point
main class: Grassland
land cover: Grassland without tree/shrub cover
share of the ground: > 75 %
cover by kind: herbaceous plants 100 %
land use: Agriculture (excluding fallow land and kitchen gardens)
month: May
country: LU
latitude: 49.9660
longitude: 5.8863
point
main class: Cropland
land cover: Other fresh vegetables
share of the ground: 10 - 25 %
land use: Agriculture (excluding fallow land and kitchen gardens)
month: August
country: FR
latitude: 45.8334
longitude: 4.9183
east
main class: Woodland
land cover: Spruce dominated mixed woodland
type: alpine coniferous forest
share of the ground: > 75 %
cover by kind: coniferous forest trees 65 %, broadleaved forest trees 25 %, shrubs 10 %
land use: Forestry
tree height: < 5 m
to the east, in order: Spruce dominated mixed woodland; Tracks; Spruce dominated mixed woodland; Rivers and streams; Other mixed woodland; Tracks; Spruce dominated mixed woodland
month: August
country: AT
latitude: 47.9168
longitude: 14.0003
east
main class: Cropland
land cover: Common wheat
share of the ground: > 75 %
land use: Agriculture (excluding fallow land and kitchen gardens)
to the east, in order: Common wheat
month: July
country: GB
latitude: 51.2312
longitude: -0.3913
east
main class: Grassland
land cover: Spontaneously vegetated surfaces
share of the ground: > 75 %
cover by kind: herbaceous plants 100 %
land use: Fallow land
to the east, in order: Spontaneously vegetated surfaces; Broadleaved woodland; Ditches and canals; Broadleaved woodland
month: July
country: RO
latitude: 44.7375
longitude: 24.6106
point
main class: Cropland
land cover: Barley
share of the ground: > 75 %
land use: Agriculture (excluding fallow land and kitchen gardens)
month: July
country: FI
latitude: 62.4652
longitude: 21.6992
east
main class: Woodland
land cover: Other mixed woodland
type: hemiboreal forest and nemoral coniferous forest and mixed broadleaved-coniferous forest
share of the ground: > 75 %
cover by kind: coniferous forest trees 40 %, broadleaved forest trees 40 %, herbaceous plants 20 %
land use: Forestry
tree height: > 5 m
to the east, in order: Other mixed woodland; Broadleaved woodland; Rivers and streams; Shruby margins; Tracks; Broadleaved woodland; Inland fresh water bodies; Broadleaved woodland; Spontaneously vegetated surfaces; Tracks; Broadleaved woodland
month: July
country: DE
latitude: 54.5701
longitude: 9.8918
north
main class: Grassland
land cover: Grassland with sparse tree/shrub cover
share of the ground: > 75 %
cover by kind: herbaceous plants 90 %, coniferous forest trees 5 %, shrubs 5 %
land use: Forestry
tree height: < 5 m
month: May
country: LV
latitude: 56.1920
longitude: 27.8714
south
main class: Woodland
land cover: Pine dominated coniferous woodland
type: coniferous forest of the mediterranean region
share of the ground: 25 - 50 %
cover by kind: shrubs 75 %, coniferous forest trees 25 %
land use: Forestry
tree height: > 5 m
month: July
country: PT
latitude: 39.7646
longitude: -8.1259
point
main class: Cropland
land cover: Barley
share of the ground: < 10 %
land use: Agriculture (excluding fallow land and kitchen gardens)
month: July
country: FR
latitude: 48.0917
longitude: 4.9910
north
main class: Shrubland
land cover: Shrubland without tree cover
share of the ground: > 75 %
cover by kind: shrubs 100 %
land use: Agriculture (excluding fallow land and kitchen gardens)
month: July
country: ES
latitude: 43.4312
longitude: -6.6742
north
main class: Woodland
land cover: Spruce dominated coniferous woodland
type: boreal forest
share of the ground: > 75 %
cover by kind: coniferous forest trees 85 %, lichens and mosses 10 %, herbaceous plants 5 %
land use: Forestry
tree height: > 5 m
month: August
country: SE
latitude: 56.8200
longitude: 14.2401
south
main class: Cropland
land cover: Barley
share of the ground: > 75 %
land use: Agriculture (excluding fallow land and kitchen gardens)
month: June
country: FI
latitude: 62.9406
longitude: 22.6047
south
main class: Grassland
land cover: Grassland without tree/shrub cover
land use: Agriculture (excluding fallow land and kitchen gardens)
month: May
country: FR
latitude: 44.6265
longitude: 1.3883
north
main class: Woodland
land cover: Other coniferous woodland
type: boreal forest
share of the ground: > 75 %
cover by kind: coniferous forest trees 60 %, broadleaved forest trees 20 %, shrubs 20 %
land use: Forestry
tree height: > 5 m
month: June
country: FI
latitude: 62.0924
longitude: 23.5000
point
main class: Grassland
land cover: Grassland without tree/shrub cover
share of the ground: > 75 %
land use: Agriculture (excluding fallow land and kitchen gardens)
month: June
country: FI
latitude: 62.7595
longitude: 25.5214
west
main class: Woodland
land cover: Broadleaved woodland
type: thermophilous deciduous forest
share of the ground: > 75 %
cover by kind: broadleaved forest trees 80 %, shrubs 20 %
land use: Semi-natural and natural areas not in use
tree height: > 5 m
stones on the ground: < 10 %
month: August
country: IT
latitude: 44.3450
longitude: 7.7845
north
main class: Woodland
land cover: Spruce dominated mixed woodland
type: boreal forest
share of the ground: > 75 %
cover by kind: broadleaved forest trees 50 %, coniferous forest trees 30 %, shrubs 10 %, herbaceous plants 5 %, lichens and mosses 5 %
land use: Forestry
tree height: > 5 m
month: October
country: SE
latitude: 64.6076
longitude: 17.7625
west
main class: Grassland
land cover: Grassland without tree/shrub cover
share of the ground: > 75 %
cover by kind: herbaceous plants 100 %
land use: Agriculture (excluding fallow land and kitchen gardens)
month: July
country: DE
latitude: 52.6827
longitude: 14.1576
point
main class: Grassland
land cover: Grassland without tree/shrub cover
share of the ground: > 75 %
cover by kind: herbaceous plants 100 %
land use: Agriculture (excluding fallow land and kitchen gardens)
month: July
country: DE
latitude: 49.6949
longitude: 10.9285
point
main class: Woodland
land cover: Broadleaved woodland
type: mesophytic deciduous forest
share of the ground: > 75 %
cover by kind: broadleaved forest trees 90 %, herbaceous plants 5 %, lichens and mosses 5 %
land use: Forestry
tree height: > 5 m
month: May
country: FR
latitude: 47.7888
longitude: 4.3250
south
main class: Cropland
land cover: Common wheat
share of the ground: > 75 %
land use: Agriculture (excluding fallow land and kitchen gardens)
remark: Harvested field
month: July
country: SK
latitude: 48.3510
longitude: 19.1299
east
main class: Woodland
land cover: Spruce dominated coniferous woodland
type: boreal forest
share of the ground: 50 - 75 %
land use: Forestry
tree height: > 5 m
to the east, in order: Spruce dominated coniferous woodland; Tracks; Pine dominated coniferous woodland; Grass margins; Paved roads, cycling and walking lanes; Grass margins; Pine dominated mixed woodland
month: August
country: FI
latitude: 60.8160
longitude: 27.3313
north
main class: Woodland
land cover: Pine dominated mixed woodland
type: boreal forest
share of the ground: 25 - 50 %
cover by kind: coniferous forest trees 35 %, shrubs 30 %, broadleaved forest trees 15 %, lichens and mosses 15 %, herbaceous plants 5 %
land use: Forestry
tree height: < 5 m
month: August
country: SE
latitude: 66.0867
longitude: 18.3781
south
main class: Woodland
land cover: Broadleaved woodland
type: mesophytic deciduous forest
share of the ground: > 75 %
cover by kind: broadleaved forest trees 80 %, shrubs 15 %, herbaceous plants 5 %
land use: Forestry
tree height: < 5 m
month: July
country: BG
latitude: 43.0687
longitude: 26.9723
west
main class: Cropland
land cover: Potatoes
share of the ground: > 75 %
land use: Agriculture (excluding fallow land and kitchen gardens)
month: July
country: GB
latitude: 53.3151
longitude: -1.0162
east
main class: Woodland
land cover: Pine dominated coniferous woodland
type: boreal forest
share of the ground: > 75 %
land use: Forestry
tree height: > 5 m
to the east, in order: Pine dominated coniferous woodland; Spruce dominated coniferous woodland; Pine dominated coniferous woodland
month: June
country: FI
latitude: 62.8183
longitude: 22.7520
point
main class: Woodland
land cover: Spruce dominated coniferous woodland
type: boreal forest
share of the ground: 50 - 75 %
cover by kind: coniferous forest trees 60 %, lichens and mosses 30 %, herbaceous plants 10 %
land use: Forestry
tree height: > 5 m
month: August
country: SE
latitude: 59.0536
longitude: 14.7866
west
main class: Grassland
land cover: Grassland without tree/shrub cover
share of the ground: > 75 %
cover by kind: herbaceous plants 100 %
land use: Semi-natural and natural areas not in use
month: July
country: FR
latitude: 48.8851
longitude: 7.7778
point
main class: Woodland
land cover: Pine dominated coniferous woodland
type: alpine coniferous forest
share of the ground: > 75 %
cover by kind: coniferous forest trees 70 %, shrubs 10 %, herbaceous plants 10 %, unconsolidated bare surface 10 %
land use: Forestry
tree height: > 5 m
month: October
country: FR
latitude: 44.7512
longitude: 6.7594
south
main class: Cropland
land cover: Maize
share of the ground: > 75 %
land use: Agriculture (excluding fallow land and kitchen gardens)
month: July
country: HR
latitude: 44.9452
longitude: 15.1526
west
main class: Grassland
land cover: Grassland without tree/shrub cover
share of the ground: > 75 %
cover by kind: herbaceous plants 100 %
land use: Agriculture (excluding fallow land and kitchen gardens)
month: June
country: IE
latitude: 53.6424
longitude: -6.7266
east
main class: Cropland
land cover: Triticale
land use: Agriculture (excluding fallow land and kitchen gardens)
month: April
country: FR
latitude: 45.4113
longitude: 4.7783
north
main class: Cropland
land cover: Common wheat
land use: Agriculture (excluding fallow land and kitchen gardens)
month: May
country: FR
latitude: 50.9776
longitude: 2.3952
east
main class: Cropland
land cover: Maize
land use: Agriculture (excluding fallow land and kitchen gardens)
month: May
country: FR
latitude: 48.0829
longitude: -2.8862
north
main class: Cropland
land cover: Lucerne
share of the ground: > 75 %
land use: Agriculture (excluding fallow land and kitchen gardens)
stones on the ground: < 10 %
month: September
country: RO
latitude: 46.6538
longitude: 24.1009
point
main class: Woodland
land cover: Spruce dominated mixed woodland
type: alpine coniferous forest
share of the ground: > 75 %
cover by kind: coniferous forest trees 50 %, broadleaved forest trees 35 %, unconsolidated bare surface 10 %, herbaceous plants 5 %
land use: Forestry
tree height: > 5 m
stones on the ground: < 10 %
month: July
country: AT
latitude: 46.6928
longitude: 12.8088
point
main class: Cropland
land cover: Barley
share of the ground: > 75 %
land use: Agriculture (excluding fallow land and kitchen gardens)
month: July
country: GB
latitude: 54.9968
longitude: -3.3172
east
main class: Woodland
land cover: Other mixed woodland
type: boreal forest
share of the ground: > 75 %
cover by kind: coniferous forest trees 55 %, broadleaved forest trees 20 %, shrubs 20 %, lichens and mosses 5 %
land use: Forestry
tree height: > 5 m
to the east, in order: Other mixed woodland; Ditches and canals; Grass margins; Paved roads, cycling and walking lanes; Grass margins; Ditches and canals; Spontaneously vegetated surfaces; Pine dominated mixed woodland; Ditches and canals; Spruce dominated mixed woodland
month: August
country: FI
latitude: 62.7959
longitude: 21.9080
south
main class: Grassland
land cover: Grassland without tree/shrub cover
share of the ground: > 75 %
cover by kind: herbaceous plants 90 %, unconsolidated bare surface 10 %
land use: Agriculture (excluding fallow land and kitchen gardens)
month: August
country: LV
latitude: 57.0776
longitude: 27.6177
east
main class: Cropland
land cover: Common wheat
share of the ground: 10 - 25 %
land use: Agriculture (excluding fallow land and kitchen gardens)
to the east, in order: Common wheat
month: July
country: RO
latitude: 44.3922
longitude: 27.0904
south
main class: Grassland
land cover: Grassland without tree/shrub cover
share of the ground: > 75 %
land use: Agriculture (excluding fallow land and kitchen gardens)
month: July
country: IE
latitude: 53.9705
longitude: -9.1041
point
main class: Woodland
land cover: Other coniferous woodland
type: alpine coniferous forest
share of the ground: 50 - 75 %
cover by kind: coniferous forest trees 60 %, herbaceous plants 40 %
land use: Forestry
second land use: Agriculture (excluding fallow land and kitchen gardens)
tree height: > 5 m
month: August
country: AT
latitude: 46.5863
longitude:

* * *

Exercise:
Nothing but the lines from the one holding "latitude: 53.9705" through the last line of the data may be output, and each must match exactly.

Your solution:
latitude: 53.9705
longitude: -9.1041
point
main class: Woodland
land cover: Other coniferous woodland
type: alpine coniferous forest
share of the ground: 50 - 75 %
cover by kind: coniferous forest trees 60 %, herbaceous plants 40 %
land use: Forestry
second land use: Agriculture (excluding fallow land and kitchen gardens)
tree height: > 5 m
month: August
country: AT
latitude: 46.5863
longitude:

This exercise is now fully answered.